This will enable you to (see grouping of alerts)(https://aiops.drdroid.io/issues) in real-time with literally no effort apart from sending alerts via webhook or using the Slack App.
The will enable you to understand how issues, teams, routing, notifications and alerts work in the platform.
This will also expose you to understanding how our platform, on a daily-basis, gives you suggestions and updates your wiki, creates RCA when needed and summarises your noisy alerts.
This will help you understand how DrDroid is designed for real-time noise reduction.
Define a couple of services in the catalog and the data sources of where relevant data for that services lies: For e.g. where it’s metrics / logs are (Grafana/APM tool) or where it’s deployment / code is (Github/Jenkins) or where it’s deployed (k8s, ecs, etc.).
This will enable you to give context of a service to the agent so that it uses the context to debug issues better after it’s raised.
This will improve alert correlation and root causes analysis while investigating issues.

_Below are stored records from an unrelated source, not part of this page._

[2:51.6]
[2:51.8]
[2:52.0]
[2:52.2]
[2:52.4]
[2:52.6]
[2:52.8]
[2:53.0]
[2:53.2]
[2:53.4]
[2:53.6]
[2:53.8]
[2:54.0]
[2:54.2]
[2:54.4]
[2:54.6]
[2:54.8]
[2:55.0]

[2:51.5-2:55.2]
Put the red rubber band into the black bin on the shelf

Once the service to team mapping starts happening, it’ll be easy to quickly move from an alert to respective engineer/document and vice-versa in a couple of clicks.
Define your first team in Team catalog. You can define the escalation & notification policy here along with the on-call rotations and mapping to respective projects in JIRA/Linear/etc.

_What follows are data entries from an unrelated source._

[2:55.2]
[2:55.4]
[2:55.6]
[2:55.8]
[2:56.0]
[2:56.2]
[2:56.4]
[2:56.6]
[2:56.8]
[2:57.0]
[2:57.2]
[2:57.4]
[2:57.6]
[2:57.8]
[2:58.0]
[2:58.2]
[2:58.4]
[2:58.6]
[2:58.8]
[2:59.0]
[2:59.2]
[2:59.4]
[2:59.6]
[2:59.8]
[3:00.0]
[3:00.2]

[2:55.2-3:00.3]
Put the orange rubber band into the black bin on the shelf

Create a service and start filling information about the service. You might notice smart recommendations and auto-filling options in this page. These can be leveraged if you do the next step before this current one.
Add integrations:
Decide what integrations are most relevant for that service and add those from the integrations page. We even support integrations to tools that are self-hosted. Please refer to the relevant document for how.
Add integration as datasource in service:
Within a service, you will be required to define data sources. After you have added integrations, you can define them in the UI against that service. This will ensure that when investigating the service, the agent knows exactly where to look up for what data.